§ SUPPLIED RECORDS
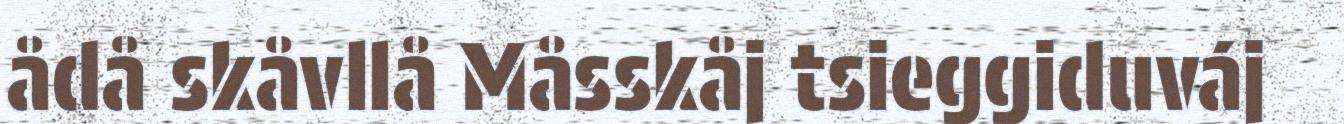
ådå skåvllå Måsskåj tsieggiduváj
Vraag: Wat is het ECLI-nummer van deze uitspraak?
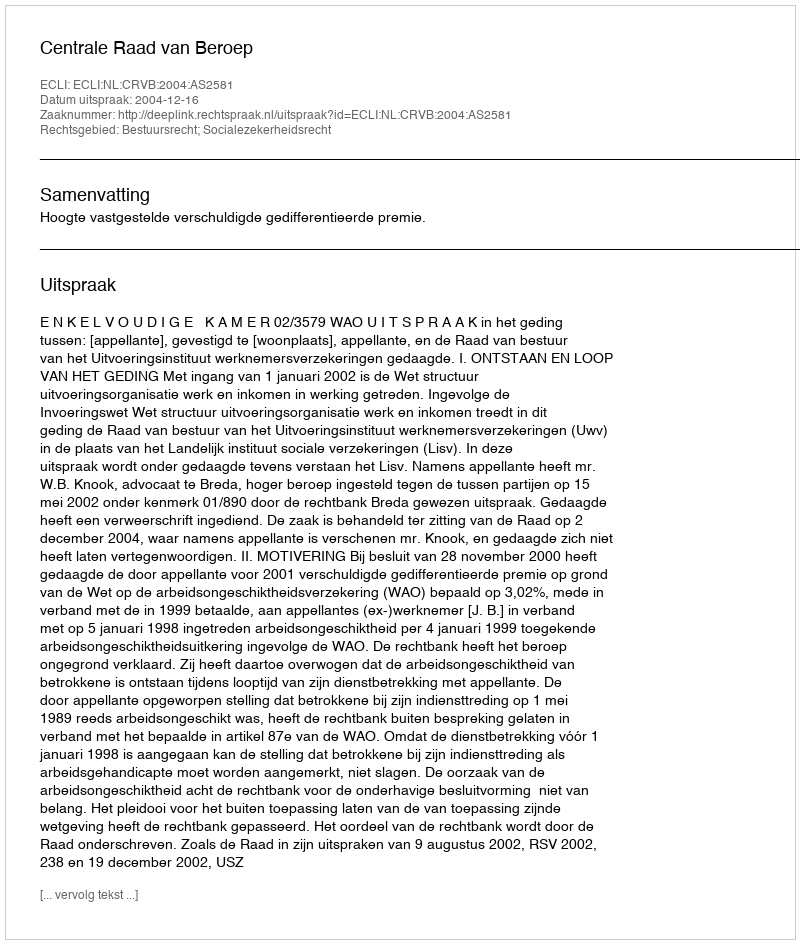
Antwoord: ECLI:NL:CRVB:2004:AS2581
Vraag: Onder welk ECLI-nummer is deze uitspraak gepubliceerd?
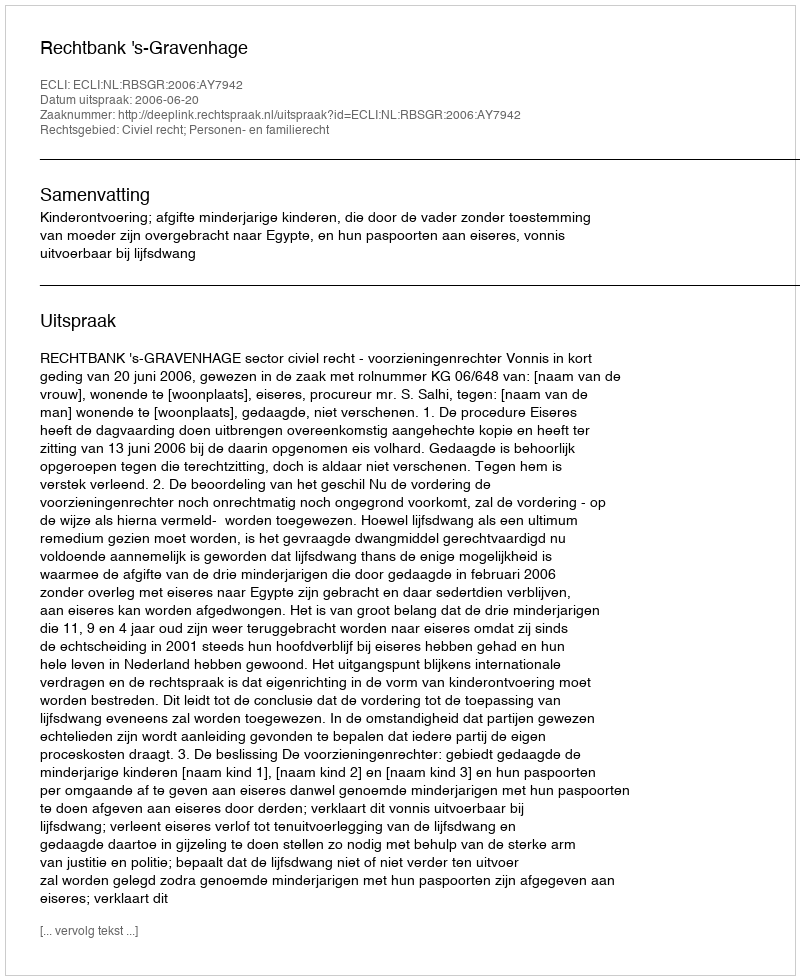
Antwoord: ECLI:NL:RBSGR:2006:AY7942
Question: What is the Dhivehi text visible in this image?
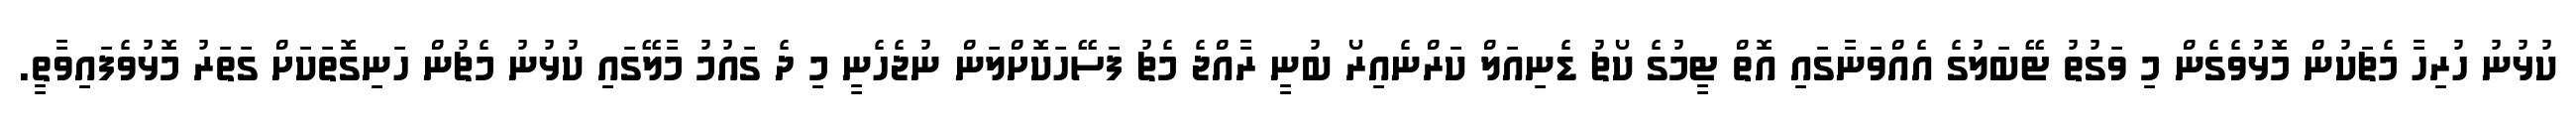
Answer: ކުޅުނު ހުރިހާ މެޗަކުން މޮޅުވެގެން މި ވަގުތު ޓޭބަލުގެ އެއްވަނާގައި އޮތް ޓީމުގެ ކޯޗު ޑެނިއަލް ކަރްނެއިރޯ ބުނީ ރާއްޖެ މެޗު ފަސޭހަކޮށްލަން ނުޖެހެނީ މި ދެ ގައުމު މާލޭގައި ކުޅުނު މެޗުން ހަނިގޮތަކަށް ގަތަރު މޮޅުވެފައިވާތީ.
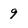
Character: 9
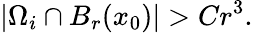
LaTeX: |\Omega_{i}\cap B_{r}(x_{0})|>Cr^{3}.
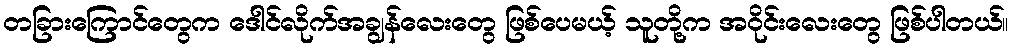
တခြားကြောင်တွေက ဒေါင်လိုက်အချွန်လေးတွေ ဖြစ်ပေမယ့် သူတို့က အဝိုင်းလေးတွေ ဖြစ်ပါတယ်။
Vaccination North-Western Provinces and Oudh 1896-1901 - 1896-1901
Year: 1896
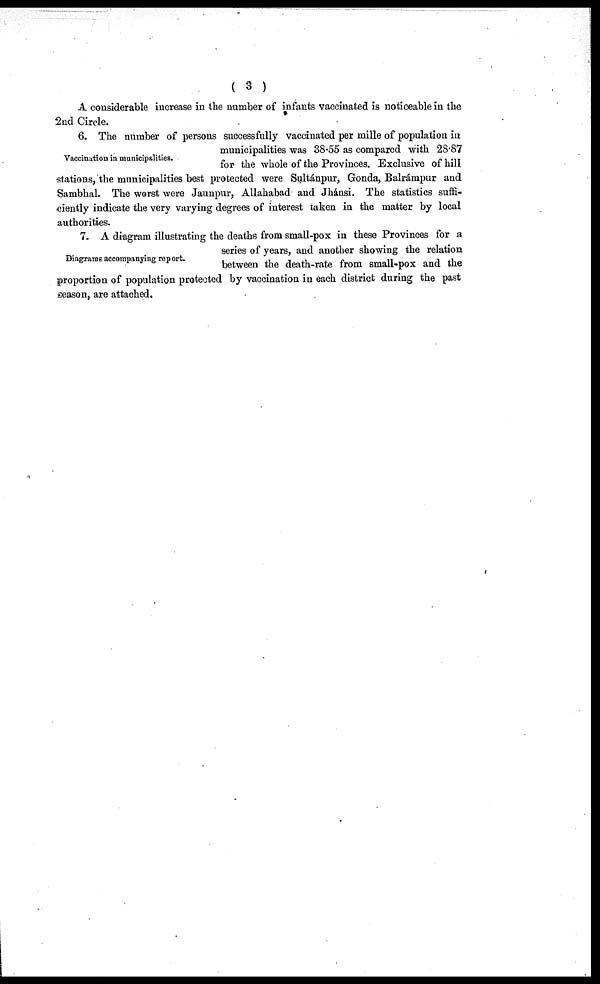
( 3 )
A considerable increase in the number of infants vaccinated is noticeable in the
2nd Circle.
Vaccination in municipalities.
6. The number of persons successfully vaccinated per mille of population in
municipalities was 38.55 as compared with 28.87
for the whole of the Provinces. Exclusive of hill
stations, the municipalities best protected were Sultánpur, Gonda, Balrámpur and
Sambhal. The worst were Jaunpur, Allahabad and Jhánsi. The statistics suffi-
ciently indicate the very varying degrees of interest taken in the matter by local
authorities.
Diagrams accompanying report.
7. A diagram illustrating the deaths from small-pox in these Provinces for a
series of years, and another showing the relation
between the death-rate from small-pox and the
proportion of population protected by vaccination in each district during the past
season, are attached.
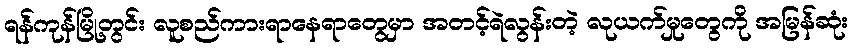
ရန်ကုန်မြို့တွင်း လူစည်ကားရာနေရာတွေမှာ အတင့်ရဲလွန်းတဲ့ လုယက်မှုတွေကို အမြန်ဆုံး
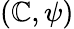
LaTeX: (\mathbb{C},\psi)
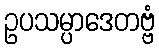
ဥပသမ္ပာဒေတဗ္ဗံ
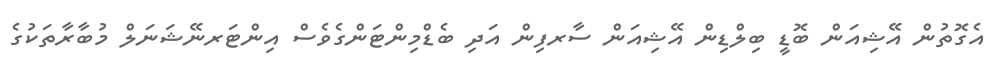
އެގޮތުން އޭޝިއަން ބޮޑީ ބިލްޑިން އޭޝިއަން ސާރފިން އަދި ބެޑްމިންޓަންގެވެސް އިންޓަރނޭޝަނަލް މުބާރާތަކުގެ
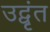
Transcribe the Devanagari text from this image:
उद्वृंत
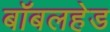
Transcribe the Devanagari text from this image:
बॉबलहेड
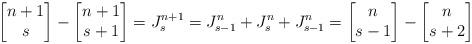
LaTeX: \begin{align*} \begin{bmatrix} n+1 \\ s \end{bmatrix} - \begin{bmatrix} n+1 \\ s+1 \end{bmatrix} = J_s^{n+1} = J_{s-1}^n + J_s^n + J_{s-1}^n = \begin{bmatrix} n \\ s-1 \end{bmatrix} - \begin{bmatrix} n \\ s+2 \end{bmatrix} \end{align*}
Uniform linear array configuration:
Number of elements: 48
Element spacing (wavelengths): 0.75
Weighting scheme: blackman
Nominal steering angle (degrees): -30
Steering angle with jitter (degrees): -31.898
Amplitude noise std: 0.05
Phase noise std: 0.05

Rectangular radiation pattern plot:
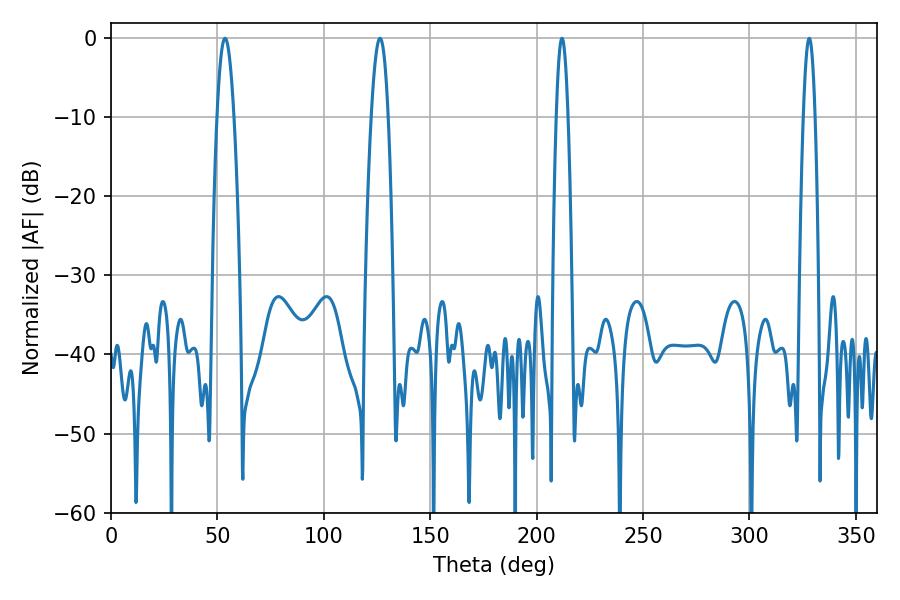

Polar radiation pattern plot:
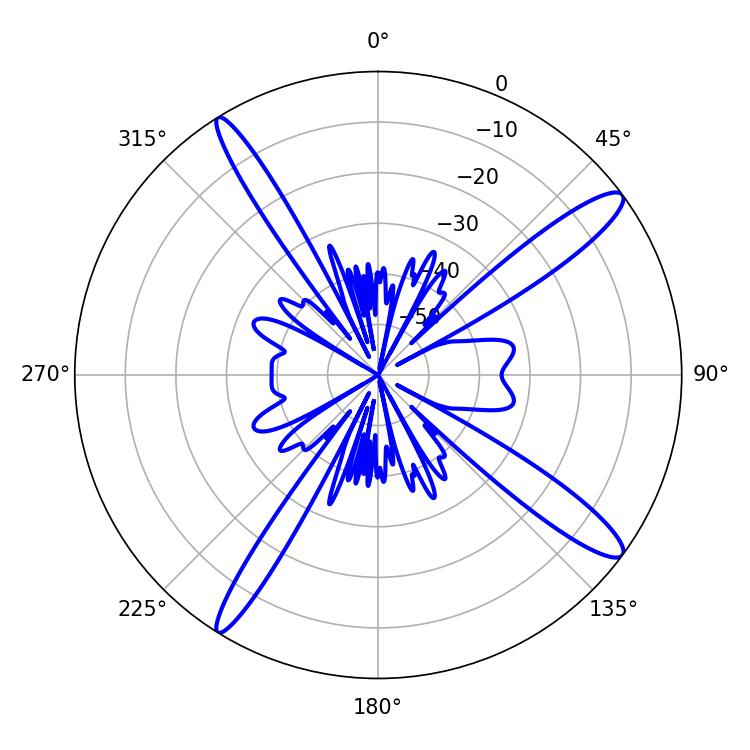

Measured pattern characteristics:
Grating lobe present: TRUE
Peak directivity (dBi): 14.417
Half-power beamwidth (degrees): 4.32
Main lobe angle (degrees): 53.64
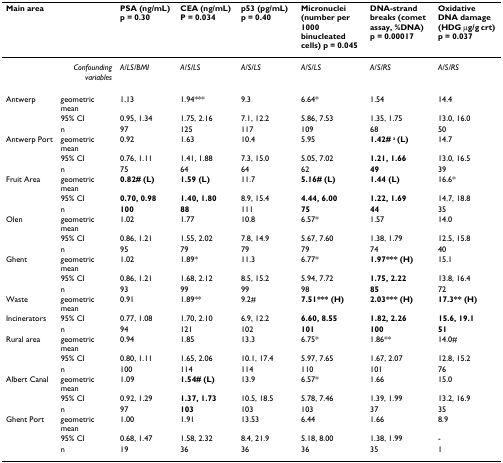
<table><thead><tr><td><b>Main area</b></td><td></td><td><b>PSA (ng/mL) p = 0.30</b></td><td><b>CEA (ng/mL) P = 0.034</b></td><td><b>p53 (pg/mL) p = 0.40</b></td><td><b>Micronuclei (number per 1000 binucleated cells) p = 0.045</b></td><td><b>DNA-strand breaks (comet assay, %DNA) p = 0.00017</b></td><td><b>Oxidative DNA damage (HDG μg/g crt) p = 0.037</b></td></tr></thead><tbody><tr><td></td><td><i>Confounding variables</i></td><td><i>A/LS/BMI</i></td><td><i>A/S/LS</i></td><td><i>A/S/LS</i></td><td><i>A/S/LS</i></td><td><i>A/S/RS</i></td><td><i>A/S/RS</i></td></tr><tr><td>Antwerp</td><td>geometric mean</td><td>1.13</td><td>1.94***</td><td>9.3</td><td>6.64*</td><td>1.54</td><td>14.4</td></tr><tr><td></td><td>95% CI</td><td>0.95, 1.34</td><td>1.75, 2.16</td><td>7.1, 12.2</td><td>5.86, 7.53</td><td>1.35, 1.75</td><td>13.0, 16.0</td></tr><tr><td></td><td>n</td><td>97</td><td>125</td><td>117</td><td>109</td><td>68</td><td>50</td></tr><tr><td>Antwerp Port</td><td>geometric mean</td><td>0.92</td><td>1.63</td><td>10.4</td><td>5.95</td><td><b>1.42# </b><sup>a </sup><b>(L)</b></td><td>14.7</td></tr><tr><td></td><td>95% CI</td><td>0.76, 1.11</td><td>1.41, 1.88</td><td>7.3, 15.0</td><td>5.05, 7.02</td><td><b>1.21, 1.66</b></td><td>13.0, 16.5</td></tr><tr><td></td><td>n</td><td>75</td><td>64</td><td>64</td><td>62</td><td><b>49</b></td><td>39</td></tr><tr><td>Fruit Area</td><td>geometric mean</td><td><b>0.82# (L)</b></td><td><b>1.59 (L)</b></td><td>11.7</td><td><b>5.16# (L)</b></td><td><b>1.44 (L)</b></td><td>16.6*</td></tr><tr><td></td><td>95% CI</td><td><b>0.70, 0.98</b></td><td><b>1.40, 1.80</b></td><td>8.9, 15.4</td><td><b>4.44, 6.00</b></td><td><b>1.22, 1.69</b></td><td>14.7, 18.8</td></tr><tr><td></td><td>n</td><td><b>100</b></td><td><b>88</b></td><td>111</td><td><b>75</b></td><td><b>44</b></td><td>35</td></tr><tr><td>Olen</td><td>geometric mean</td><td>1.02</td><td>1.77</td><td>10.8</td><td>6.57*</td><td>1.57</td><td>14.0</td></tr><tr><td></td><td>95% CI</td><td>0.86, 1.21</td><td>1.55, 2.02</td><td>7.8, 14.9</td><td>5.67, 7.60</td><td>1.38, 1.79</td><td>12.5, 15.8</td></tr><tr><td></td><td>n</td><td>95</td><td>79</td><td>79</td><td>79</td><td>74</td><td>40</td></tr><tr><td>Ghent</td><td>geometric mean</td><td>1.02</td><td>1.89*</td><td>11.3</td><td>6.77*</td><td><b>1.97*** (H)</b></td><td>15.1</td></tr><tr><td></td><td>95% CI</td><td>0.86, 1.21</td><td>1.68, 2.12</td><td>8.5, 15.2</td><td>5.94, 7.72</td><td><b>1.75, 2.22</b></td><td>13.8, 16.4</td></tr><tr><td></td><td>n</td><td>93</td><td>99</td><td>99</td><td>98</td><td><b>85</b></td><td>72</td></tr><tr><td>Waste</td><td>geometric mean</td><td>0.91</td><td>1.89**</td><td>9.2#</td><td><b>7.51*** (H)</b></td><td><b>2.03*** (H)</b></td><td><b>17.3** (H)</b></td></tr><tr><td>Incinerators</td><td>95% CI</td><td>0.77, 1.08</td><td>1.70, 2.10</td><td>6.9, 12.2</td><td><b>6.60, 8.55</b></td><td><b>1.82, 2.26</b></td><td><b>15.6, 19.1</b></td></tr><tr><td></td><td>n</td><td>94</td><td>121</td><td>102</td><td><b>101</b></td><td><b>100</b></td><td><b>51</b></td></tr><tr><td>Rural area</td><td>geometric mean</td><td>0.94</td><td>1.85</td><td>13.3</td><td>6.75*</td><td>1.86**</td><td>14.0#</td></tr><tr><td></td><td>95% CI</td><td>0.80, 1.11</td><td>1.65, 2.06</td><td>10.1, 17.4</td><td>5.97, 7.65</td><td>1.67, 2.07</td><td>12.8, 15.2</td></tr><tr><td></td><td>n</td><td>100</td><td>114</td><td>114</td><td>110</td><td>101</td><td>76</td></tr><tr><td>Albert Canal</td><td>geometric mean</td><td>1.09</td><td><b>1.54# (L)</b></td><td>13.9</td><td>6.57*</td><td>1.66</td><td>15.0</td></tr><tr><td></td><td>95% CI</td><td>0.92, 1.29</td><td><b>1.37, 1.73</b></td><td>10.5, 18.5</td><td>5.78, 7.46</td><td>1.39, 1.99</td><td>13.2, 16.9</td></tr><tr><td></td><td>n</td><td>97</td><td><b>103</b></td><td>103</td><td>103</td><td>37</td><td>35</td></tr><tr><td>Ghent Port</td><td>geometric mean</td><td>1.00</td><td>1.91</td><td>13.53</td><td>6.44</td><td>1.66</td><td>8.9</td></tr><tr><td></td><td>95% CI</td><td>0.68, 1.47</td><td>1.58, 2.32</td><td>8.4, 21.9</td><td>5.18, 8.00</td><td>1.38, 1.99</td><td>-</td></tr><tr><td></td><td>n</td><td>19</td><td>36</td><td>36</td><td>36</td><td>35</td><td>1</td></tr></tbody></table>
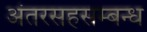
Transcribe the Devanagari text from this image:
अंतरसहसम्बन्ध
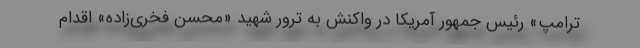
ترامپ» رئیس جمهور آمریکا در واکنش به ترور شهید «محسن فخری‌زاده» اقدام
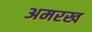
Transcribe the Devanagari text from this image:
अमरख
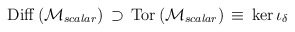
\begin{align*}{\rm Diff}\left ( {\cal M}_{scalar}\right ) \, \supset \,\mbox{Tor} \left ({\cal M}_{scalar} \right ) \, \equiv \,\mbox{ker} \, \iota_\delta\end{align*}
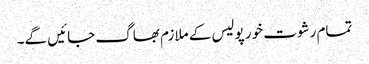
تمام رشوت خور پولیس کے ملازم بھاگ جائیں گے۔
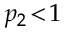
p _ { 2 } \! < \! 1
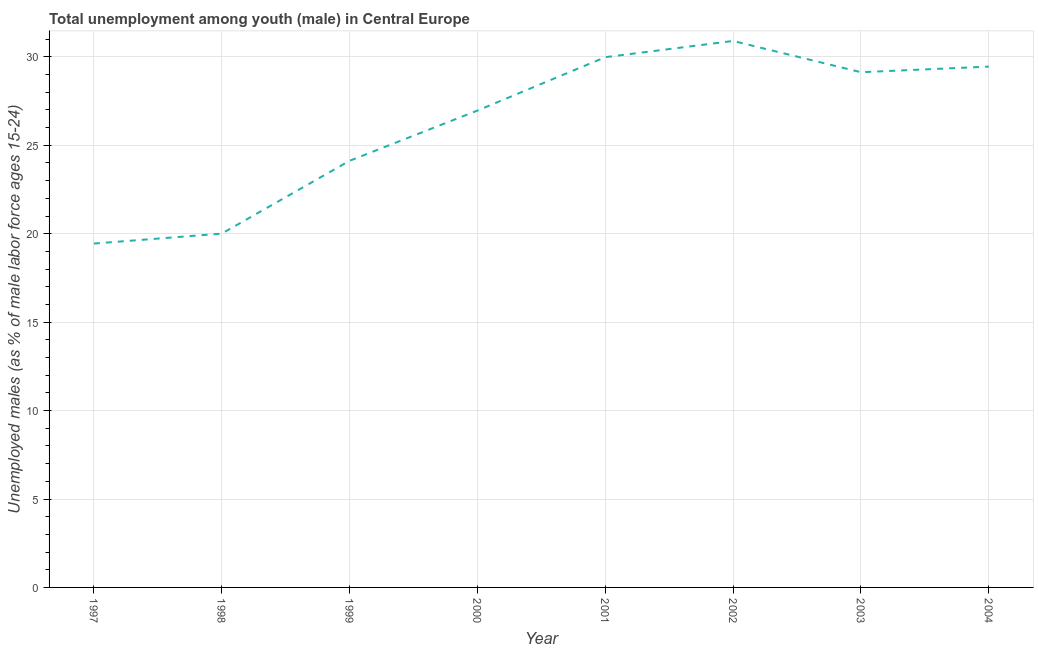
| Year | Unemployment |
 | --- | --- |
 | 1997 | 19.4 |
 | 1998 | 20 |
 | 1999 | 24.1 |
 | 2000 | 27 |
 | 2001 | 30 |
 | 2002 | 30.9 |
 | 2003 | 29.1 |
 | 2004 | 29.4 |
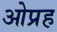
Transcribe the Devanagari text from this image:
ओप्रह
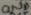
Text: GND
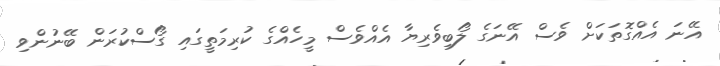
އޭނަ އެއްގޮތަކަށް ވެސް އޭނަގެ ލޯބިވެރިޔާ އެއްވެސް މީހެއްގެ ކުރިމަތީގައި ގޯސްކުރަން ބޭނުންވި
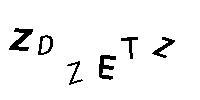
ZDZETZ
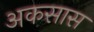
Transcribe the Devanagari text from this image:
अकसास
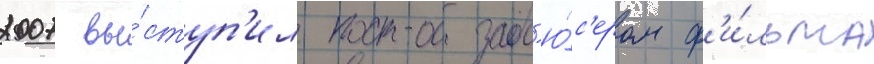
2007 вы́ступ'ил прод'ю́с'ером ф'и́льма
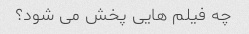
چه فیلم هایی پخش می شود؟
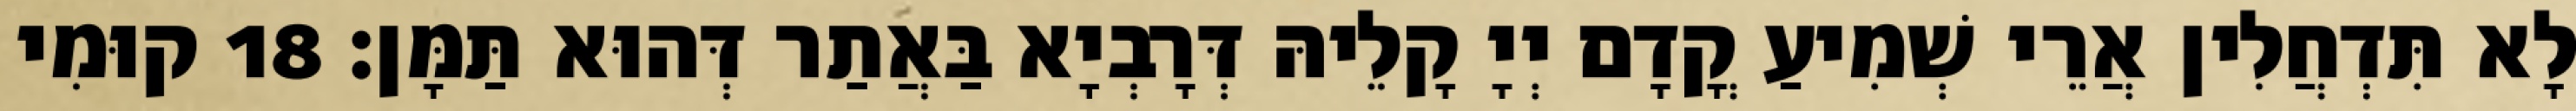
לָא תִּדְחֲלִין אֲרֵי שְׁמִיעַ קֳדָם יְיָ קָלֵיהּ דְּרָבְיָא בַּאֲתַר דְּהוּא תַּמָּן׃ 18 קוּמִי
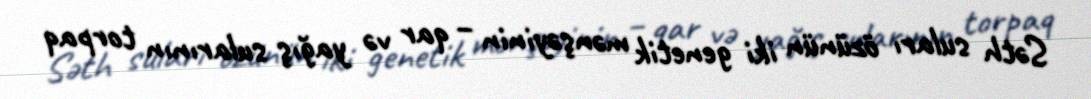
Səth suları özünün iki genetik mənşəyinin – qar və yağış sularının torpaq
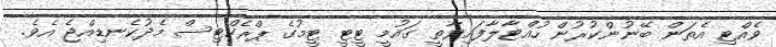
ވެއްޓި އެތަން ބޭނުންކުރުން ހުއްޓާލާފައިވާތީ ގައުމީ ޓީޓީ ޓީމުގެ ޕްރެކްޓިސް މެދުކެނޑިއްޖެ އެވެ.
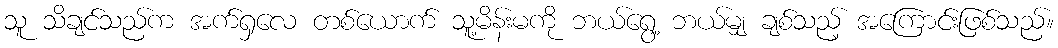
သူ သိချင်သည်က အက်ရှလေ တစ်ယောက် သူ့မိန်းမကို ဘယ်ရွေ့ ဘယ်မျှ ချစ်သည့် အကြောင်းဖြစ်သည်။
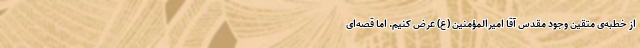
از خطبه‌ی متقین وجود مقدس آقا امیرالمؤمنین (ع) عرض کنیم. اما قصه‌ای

§ REQUIREMENT
Show every line of the listing in which the string "nummer" can be found.

§ EXERCISE ANSWER
Vraag: Wat is het ECLI-nummer van deze uitspraak?
Vraag: Onder welk ECLI-nummer is deze uitspraak gepubliceerd?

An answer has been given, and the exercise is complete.